### THE RECORDS
=== Section Start ===

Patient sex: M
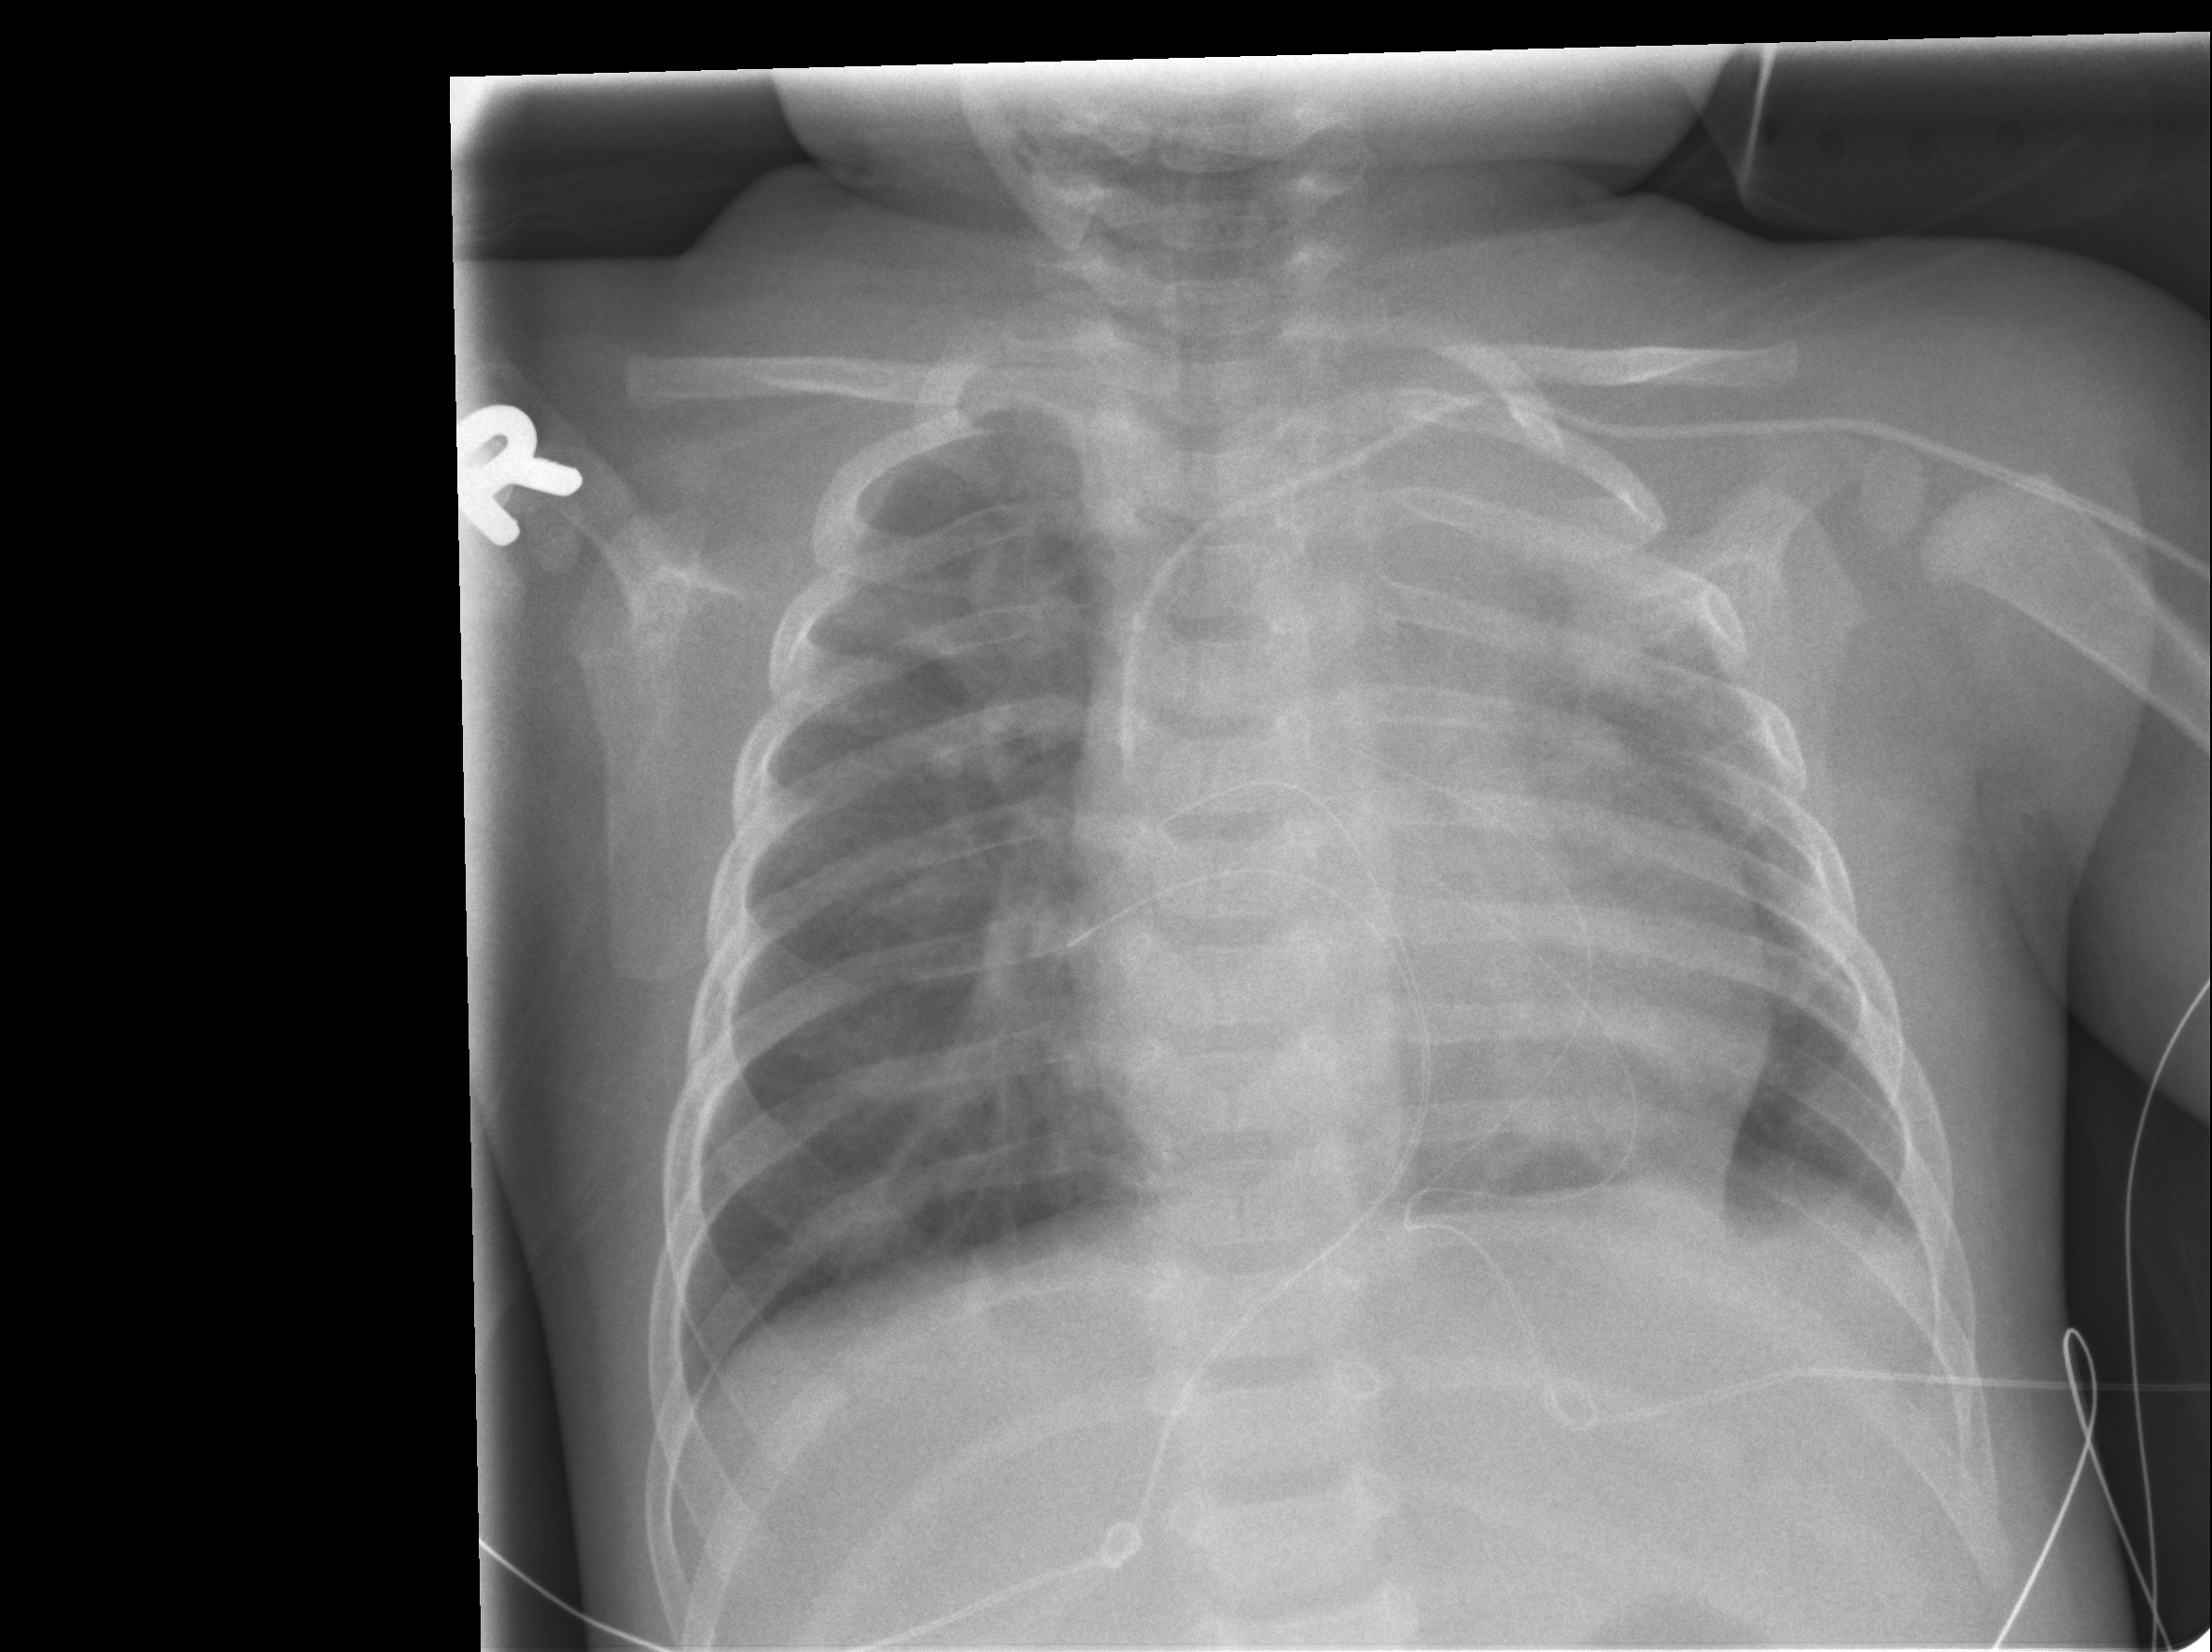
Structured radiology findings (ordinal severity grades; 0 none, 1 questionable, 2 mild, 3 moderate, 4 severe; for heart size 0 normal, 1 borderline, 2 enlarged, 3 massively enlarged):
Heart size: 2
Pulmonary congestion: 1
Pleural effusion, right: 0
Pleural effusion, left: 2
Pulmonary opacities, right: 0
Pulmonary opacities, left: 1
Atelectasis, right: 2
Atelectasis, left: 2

=== Section End ===
=== Section Start ===

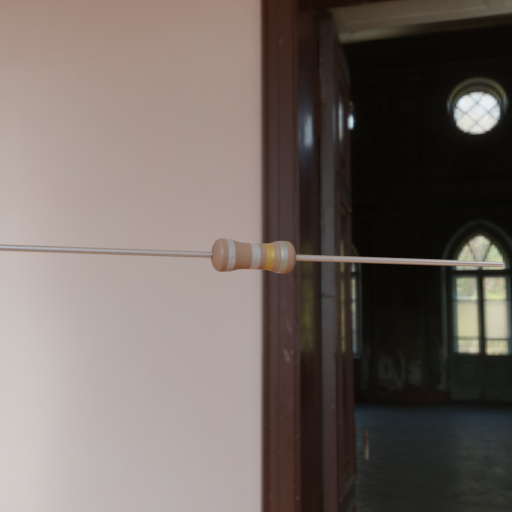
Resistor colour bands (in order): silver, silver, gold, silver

=== Section End ===
=== Section Start ===

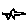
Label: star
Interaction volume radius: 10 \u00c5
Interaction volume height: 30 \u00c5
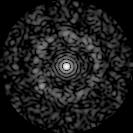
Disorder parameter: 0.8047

=== Section End ===

### TASK TO CARRY OUT
Take the material above from the line bearing "Patient sex: M" through the line bearing "Atelectasis, left: 2" and write it out exactly, both end lines included. Pictures stay out.

### PROBLEM SOLUTION
Patient sex: M
Structured radiology findings (ordinal severity grades; 0 none, 1 questionable, 2 mild, 3 moderate, 4 severe; for heart size 0 normal, 1 borderline, 2 enlarged, 3 massively enlarged):
Heart size: 2
Pulmonary congestion: 1
Pleural effusion, right: 0
Pleural effusion, left: 2
Pulmonary opacities, right: 0
Pulmonary opacities, left: 1
Atelectasis, right: 2
Atelectasis, left: 2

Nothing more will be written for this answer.